As countries around the world consider the launch of central bank digital currencies (CBDC), pilot projects are being conducted to explore the various use cases of digital money in different industries. One such innovative application is the use of a CBDC within the carbon credit market. The Bank of Korea (BOK) and the Korea Exchange have joined forces to investigate this potential, as outlined in a working paper by the Bank for International Settlements (BIS).
The goal of this exploration is to showcase how the world of digital finance is evolving and how these changes can be integrated with eco-friendly policies and projects. The simulated trials for this project are scheduled to take place in the third and fourth quarters of 2024.
Within the CBDC system, CBDCs, tokenized deposits, and tokenized e-monies will be issued and circulated. CBDCs play a crucial role as anchors in the CBDC ecosystem, facilitating seamless exchanges between tokenized deposits and tokenized e-monies. The CBDC system will also be interconnected with external systems, tailored to specific use cases such as carbon credit exchanges.
Interlinking with Carbon Credit Exchange
The BIS notes that the CBDC system can be interlinked with a carbon credit exchange. By utilizing a payment token issued solely for use within the designated ledger, the system can ensure smooth transactions involving tokenized assets like carbon credits. This allows for the simultaneous execution of delivery and payment processes in a Delivery versus Payment (DvP) manner.
Preparing for the Future
The Bank of Korea acknowledges that the immediate issuance of a CBDC is not necessary. However, they believe it is crucial for the country and its citizens to be prepared should a digital currency be issued in the future. With numerous countries and central banks exploring CBDC issuance, the Bank of Korea recognizes the likelihood of needing to issue a CBDC within the next five to ten years.
Pilots for CBDC Implementation
To ensure quick decision-making regarding CBDC introduction, the BOK has launched several pilot projects.
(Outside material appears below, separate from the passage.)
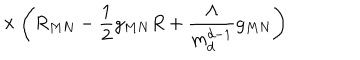
\times \left( R _ { M N } - \frac { 1 } { 2 } g _ { M N } R + \frac { \Lambda } { m _ { d } ^ { d - 1 } } g _ { M N } \right)
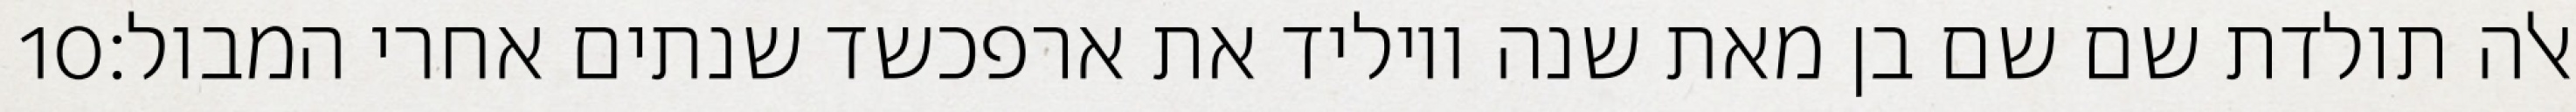
‎10‏ אלה תולדת שם שם בן מאת שנה ויוליד את ארפכשד שנתים אחרי המבול׃

These preparations are driven by factors such as the decline in cash usage, concerns about the market dominance of big tech companies, and the increasing acceptance of global stablecoins. The BOK aims to conduct in-depth studies on CBDC architecture and implementation to minimize disruption to consumers and position CBDC as a universal public currency infrastructure supporting the digitalized economy.
Korea Exchange’s Role
The Korea Exchange is currently conducting simulated experiments using distributed ledger technology (DLT) and plans to support listed security tokens in the future. This collaboration between the BOK and the Korea Exchange signifies a move towards digitalization and demonstrates the integration of technology into financial practices. The Korea Exchange recognizes the global trend of research on distributed ledger technology and aims to contribute to the development of the financial market infrastructure.
Both the Korea Exchange and BOK emphasize that this collaboration is a test and will not impact the functioning of current carbon credit markets. Further details of the partnership will be shared in the coming month.